To manage database connections efficiently, add 1 additional pod to the Persistence Connection Pool service for every 10,000 concurrent users.
For effective data persistence, add 1 additional pod to the Persistence Node service for every 10,000 concurrent users.
To support API requests, add approximately 1 additional pod to the Ring API service for every 10,000 concurrent users.
To improve the response times, perform the Helm upgrade using the webengine-performance-rendering.yaml file. This file is available in the HCL DX Compose Deployment Helm chart. To use this file, complete the following steps:
1. Download the hcl-dx-deployment Helm chart from Harbor.
2. Extract the hcl-dx-deployment-XXX.tgz file.
3. In the extracted folder, navigate to hcl-dx-deployment/performance/webengine-performance-rendering.yaml and copy the webengine-performance-rendering.yaml.
After performing a Helm upgrade using the webengine-performance-rendering.yaml file, the tuned cache values for rendering will be updated.

Recommended heap size configuration

To ensure optimal performance and stability of HCL DX on Kubernetes, it is essential for you to configure JVM heap memory and pod resource limits correctly. Refer to the following best practices when tuning memory allocation.

Note

Do not set your JVM heap size larger than the allotted memory for the pod.
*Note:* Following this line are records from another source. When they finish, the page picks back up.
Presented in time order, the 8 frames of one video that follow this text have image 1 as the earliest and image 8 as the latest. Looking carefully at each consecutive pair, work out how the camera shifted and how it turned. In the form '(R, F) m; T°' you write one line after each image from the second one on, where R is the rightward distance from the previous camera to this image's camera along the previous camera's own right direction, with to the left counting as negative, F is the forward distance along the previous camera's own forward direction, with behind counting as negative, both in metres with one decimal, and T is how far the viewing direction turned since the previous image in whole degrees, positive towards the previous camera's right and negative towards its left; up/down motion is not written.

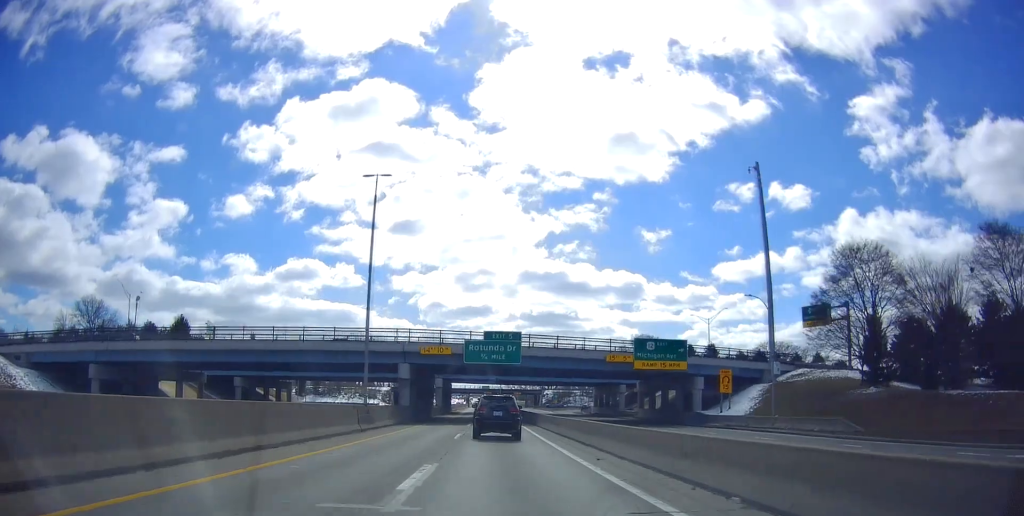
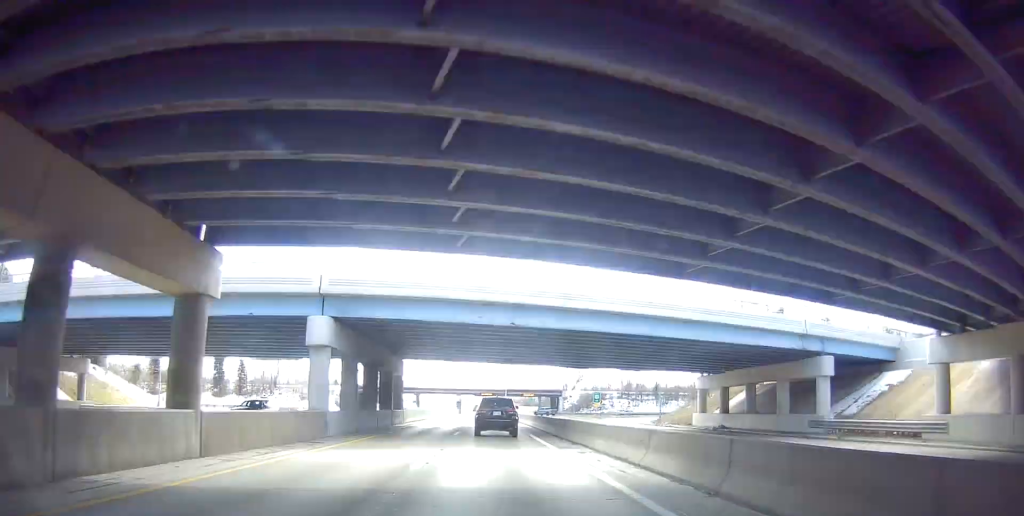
(+0.8, +58.5) m; +1°
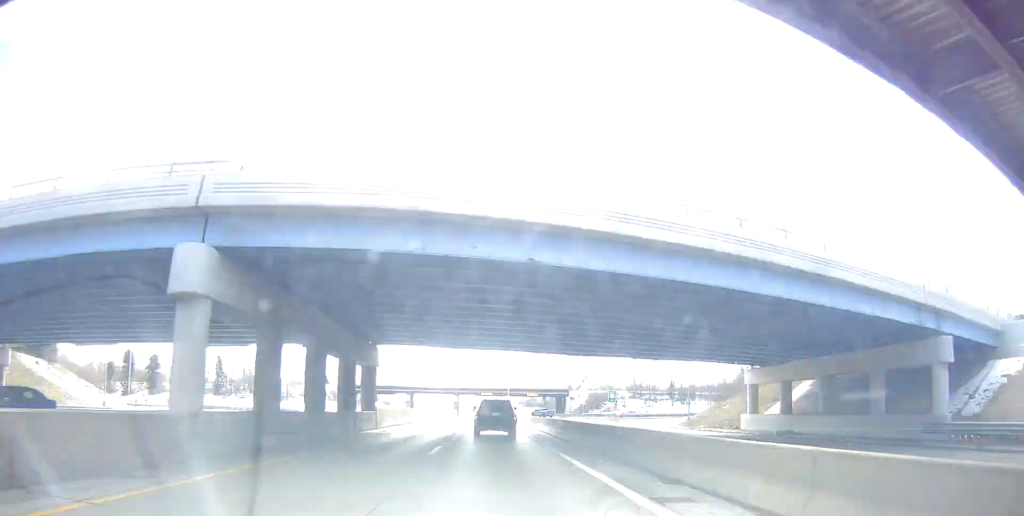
(+0.3, +11.7) m; 0°
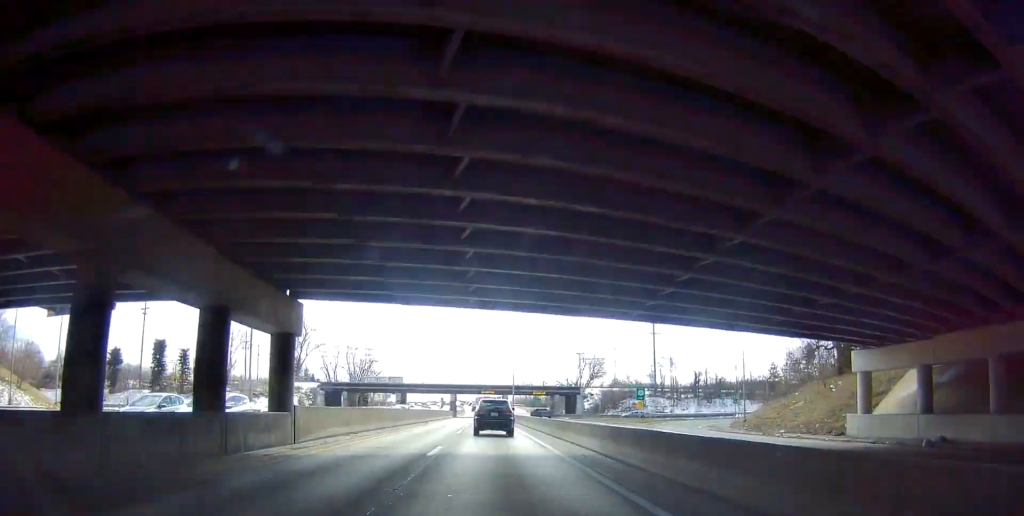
(-0.4, +15.6) m; -1°
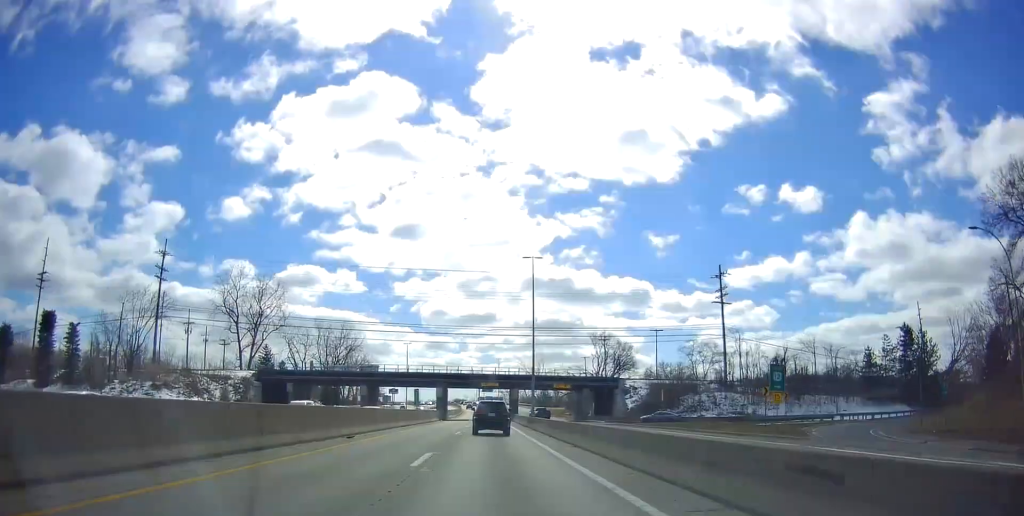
(-0.2, +33.8) m; -1°
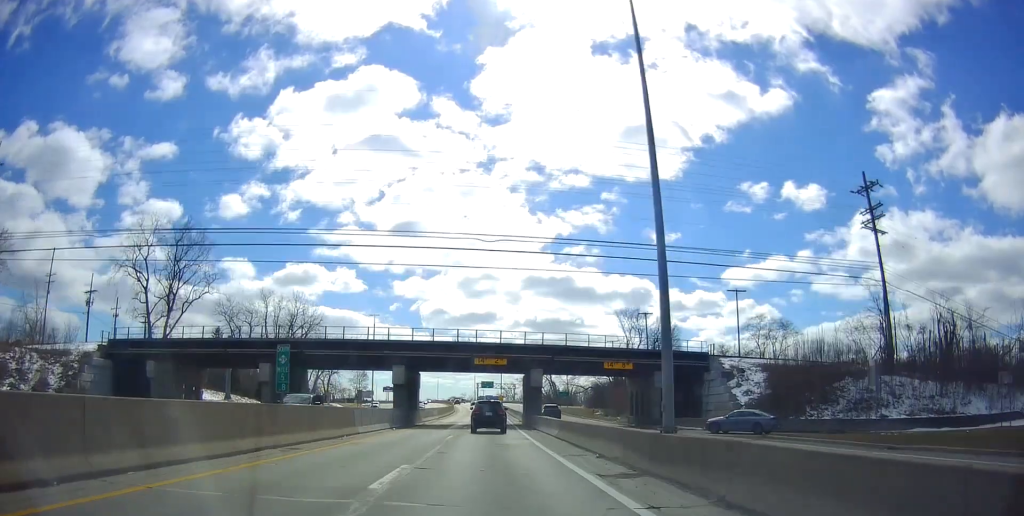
(-0.2, +36.2) m; -1°
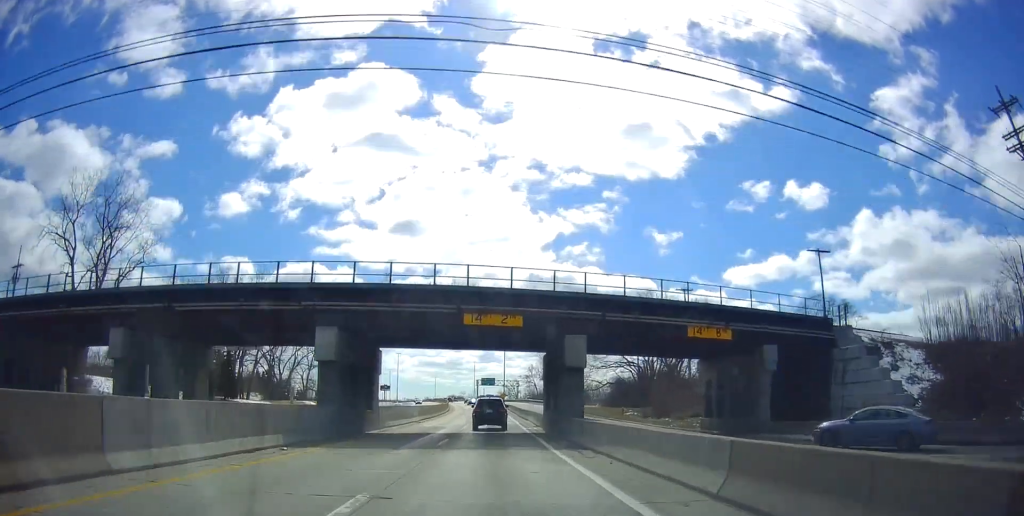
(-0.1, +19.9) m; -1°
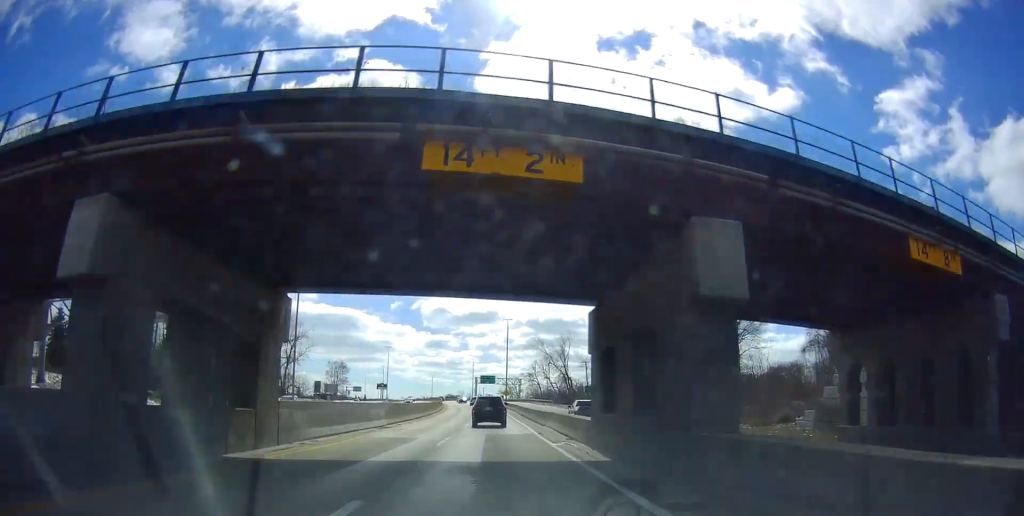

Ensure your minimum heap size (-Xms) is equal to your maximum heap size (-Xmx).
- Setting the minimum and maximum heap sizes to the same value prevents the JVM from dynamically requesting additional memory (malloc()).
- This eliminates the overhead of heap expansion and improves performance consistency.
Ensure the Kubernetes pod resource limits match the JVM heap settings
- The requested memory (requests.memory) should match the limit (limits.memory) in the pod specification.
- This ensures that the container is allocated a fixed memory block and prevents unexpected memory reallocation, which could lead to performance degradation or out-of-memory (OOM) errors.
Determine the final memory requirements based on load testing
- To determine the optimal memory configuration, you should conduct local testing with your specific portlets, pages, and customizations. You should also perform synthetic load testing using tools like JMeter to simulate realistic usage scenarios.
- The required memory is highly dependent on Service Level Agreements (SLAs) and transaction rates.
- A minimum of 3.5GB is recommended, but higher memory allocations may be necessary depending on actual usage patterns.